Eila pun tersenyum mengingat balasan Janar yang disampaikan untuk memuji dan mengapresiasi Eila yang rajin.

“Kenapa tak sejak awal aku dinikahkan dengan dia saja?” tanya Eila di dalam hati ketika teringat ucapan kasar Catra yang tak pernah menyebutnya cantik.

Cepat-cepat Eila menepuk dahi karena merasa malu pada pertanyaannya. Seketika di dalam hati Eila mengucap maaf pada Prisa karena telah membayangkan hal yang tak boleh dia renungkan. Takdir Janar adalah menikahi Prisa sebagai yang pertama, sementara dirinya hanya bayangan Prisa.

Eila harus tahu diri, istri kedua tak boleh memiliki pikiran menyingkirkan istri pertama.

“Dia memang baik, tapi lebih baik lagi kalau aku diceraikan dan dibuang ke luar negeri. Akan lebih menyenangkan hidup mandiri di atas kaki sendiri daripada harus menerima suapan dari suami,” ucap Eila sambil menggigit roti.

Pemikiran Eila yang masih ingin terbebas dari Nagendra dan Jatmika membuatnya tetap berhati-hati pada Janar yang kembali di malam hari untuk menghabiskan tujuh malam bersama. Sama seperti sebelumnya, Janar tetap tidur di sofa.

“Sudah empat malam, kurang tiga hari lagi,” gumam Eila yang didengar Janar.

“Kenapa?” tanya Janar sambil melirik Eila yang menatapnya.

“Setelah pas tujuh hari, kau akan kembali tinggal bersama Kak Prisa, kan?” balas Eila.

“Ya, harus kembali dulu, tapi setelahnya aku tetap akan bergantian tidur di sini,” kata Janar.

Selama beberapa detik Eila menahan napas seraya memperhatikan Janar yang sedang memperbaiki bantal. Demi tidak membangkitkan kecurigaan orang lain kalau Janar tidur di sofa, mereka tidak mengambil selimut tambahan hingga keesokan harinya Janar mengalami bersin-bersin karena kedinginan.

Saat akan menemui Eila lagi di malam kelima, Janar mengenakan pakaian berlapis hingga Prisa agak keheranan.

“Aku akan mengirim lebih banyak pakaianmu ke tempat Eila, tak perlu memakai baju berlapis,” kata Prisa.

“Tidak apa-apa. Ini untuk perjalanan ke paviliun. Di luar agak dingin,” ucap Janar tanpa menatap Prisa yang memandanginya dengan sedikit heran.

Janar bukan kedinginan saat berjalan kaki dari rumah utama ke rumah Eila, tapi justru kedinginan saat berada di kamar. Janar berniat melapisi pakaian tidurnya dengan jaket rajut yang dia kenakan.
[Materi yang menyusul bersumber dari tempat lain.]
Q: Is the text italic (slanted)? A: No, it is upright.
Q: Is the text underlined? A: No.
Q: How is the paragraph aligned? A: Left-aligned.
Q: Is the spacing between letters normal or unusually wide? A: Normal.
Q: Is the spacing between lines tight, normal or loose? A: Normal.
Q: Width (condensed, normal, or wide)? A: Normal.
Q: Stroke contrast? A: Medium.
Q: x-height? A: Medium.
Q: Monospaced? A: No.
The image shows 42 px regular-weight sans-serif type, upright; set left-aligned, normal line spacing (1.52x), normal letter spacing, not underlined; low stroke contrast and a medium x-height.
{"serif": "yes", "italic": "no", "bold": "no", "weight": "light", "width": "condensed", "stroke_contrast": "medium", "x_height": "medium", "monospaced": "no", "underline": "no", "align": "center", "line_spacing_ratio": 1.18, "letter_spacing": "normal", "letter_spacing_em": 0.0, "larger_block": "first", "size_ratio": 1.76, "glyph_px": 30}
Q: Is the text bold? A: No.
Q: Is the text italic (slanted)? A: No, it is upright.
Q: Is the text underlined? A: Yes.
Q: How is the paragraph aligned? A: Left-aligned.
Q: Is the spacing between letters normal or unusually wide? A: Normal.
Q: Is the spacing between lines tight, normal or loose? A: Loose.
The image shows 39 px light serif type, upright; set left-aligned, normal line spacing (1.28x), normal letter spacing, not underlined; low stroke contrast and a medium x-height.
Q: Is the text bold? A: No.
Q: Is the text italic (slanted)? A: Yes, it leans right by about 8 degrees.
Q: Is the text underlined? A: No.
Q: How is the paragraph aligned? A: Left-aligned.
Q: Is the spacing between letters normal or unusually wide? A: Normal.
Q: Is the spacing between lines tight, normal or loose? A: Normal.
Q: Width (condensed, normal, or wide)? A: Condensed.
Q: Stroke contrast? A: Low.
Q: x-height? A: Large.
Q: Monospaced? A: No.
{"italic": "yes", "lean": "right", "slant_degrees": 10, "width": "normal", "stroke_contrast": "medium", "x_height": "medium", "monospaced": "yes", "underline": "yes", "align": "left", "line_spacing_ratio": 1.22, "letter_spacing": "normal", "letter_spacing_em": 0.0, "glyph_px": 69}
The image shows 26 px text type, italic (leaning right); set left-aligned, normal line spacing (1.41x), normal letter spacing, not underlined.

Namun, ternyata di atas sofa Eila sudah menyiapkan selimut tipis bergambar awan biru.

“Kau meminta selimut tambahan?” tanya Janar.

“Tidak, itu selimut bepergianku. Ada di lemari, tidak disimpan di ruang penyimpanan besar,” jawab Eila sambil mengangkat teko lalu menuangkan isinya ke dalam cangkir.
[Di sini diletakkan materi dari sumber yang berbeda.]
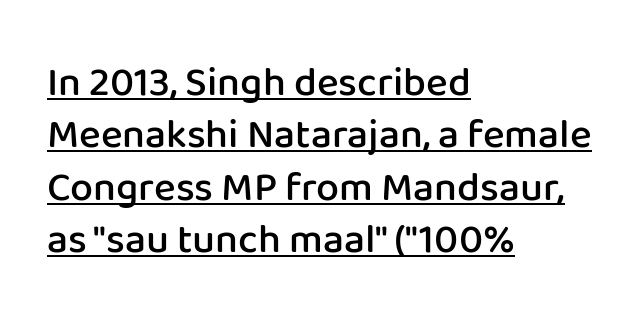
{"serif": "no", "italic": "no", "bold": "semi", "weight": "semibold", "width": "normal", "stroke_contrast": "low", "x_height": "medium", "monospaced": "no", "underline": "yes", "align": "left", "line_spacing": "normal", "line_spacing_ratio": 1.28, "letter_spacing": "normal", "letter_spacing_em": 0.0, "glyph_px": 41}
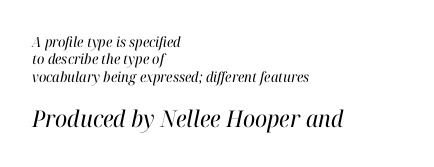
The image shows 23 px text type, italic (leaning right); set left-aligned, line spacing 1.24x, normal letter spacing, not underlined; the second (bottom) block is 1.64x larger.
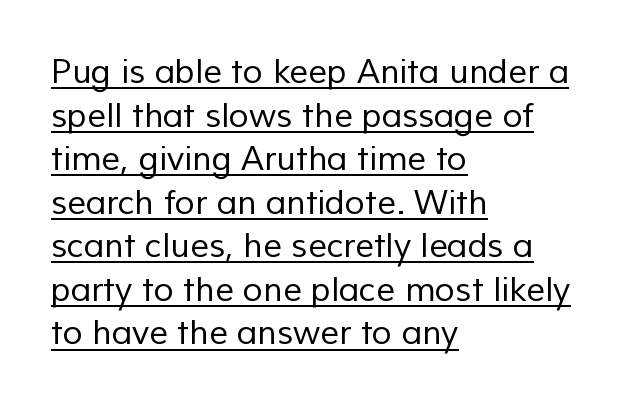
You could not count columns in this text — the font is proportionally spaced. The font is comparable to plain body text, perhaps lighter. Letterform terminals end flat and unadorned throughout the passage. Visually the block forms a straight wall on the left and a jagged coastline on the right. Descenders here cross a horizontal rule under the line.
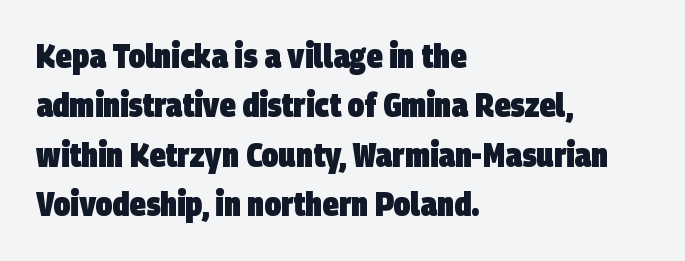
The image shows 33 px heavy, condensed sans-serif type; set left-aligned, normal line spacing (1.5x), normal letter spacing, not underlined; low stroke contrast and a large x-height.
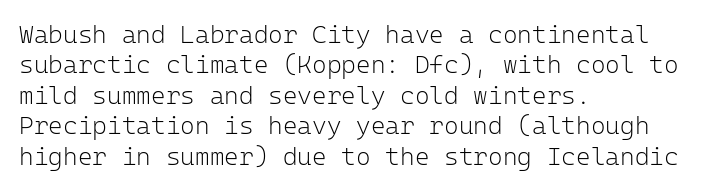
Q: Is the text bold? A: No.
Q: Is the text italic (slanted)? A: No, it is upright.
Q: Is the text underlined? A: No.
Q: How is the paragraph aligned? A: Left-aligned.
Q: Is the spacing between letters normal or unusually wide? A: Normal.
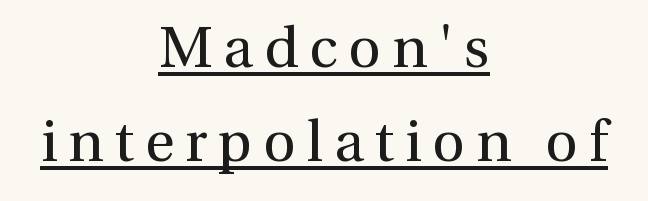
{"serif": "yes", "italic": "no", "bold": "no", "weight": "regular", "width": "normal", "stroke_contrast": "medium", "x_height": "medium", "monospaced": "no", "underline": "yes", "align": "center", "line_spacing": "normal", "line_spacing_ratio": 1.65, "glyph_px": 57}
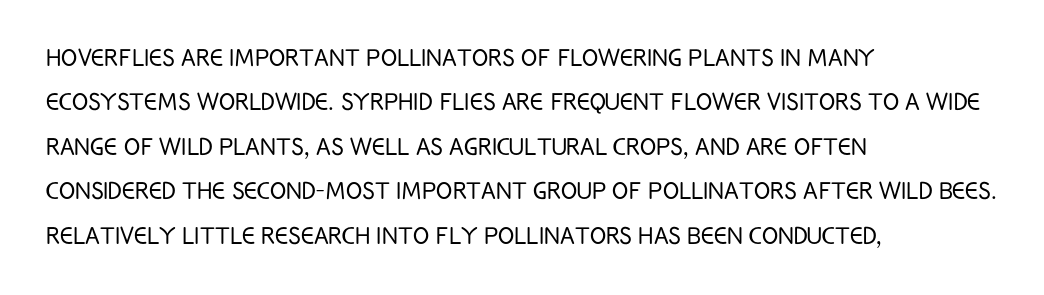
{"serif": "no", "italic": "no", "bold": "no", "weight": "light", "width": "condensed", "stroke_contrast": "low", "x_height": "large", "monospaced": "no", "underline": "no", "align": "left", "line_spacing": "normal", "line_spacing_ratio": 1.48, "letter_spacing": "normal", "letter_spacing_em": 0.0, "glyph_px": 30}
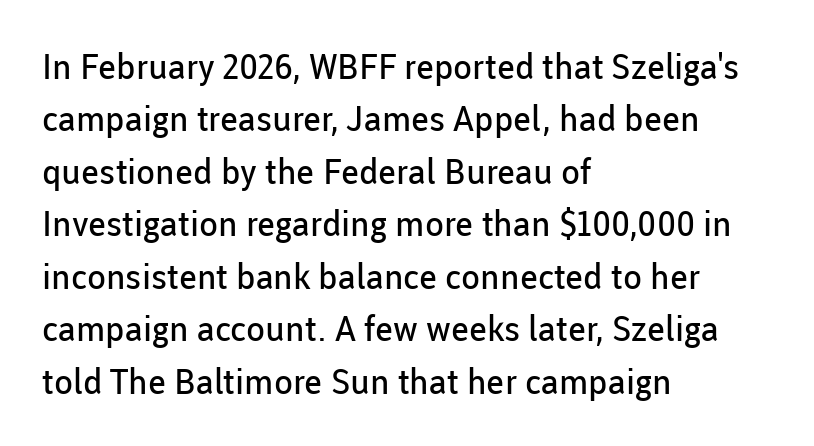
{"serif": "no", "italic": "no", "bold": "no", "weight": "regular", "width": "normal", "stroke_contrast": "low", "x_height": "medium", "monospaced": "no", "underline": "no", "align": "left", "line_spacing": "normal", "line_spacing_ratio": 1.5, "letter_spacing": "normal", "letter_spacing_em": 0.0, "glyph_px": 35}

Asap langsung mengepul di atas cangkir yang telah berisi larutan berwarna agak cokelat.

“Ini ramuan jahe, sepertinya kau mulai terserang gejala flu. Maafkan aku,” kata Eila sambil menyodorkan cangkir ke dekat Janar lalu cepat-cepat kembali ke ranjang.
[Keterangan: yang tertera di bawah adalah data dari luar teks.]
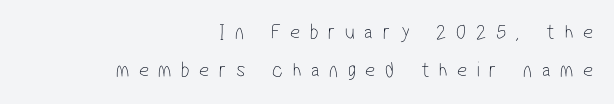
{"bold": "no", "underline": "no", "align": "right", "line_spacing_ratio": 1.75, "letter_spacing": "wide", "letter_spacing_em": 0.43, "glyph_px": 22}
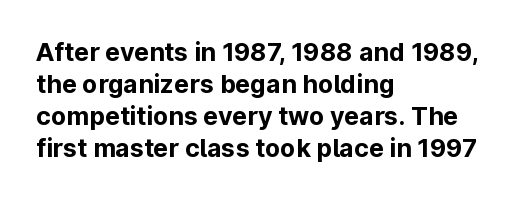
{"italic": "no", "bold": "yes", "underline": "no", "align": "left", "line_spacing": "normal", "line_spacing_ratio": 1.28, "letter_spacing": "normal", "letter_spacing_em": 0.0, "glyph_px": 25}
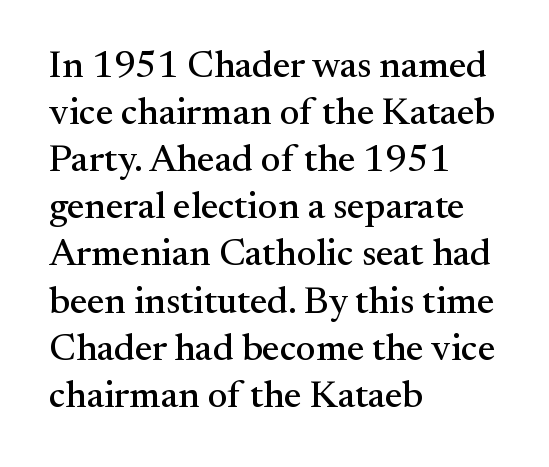
{"serif": "yes", "italic": "no", "width": "normal", "stroke_contrast": "medium", "x_height": "small", "monospaced": "no", "underline": "no", "align": "left", "line_spacing_ratio": 1.24, "letter_spacing": "normal", "letter_spacing_em": 0.0, "glyph_px": 38}
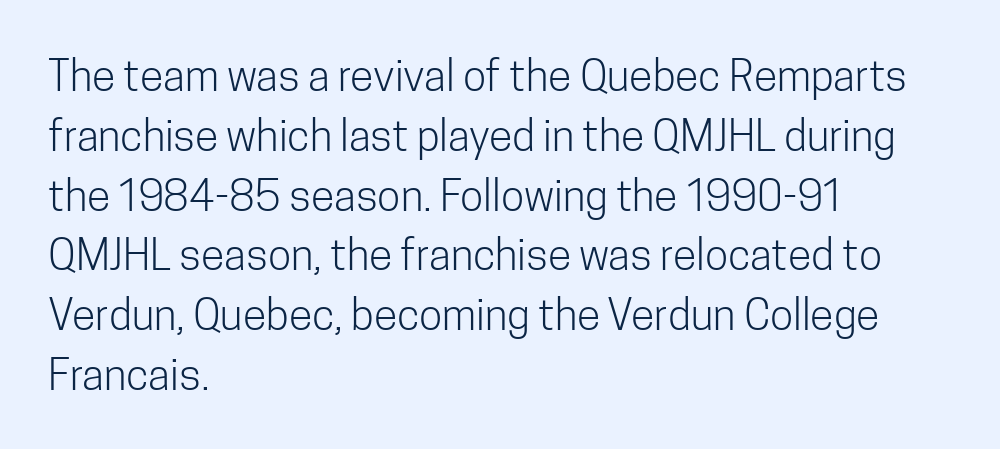
Q: Is the text bold? A: No.
Q: Is the text italic (slanted)? A: No, it is upright.
Q: Is the typeface a serif or a sans-serif typeface? A: Sans-serif.
Q: Is the text underlined? A: No.
Q: How is the paragraph aligned? A: Left-aligned.
Q: Is the spacing between letters normal or unusually wide? A: Normal.
Q: Is the spacing between lines tight, normal or loose? A: Normal.
Q: Width (condensed, normal, or wide)? A: Condensed.
Q: Stroke contrast? A: Low.
Q: x-height? A: Medium.
Q: Monospaced? A: No.

Tanpa menunggu Janar meminumnya, Eila langsung berbaring membelakangi hingga tak bisa melihat kalau Janar sedang tersenyum menatapnya. Setelah menikmati minuman hangat, Janar kembali memperhatikan Eila yang benar-benar terlelap.

Eila terbangun saat subuh dan terkejut karena Janar lebih dulu bangun bahkan sudah mandi. Yang mengejutkan Eila, Janar tetap duduk di kamar, tak langsung pergi ke rumah utama.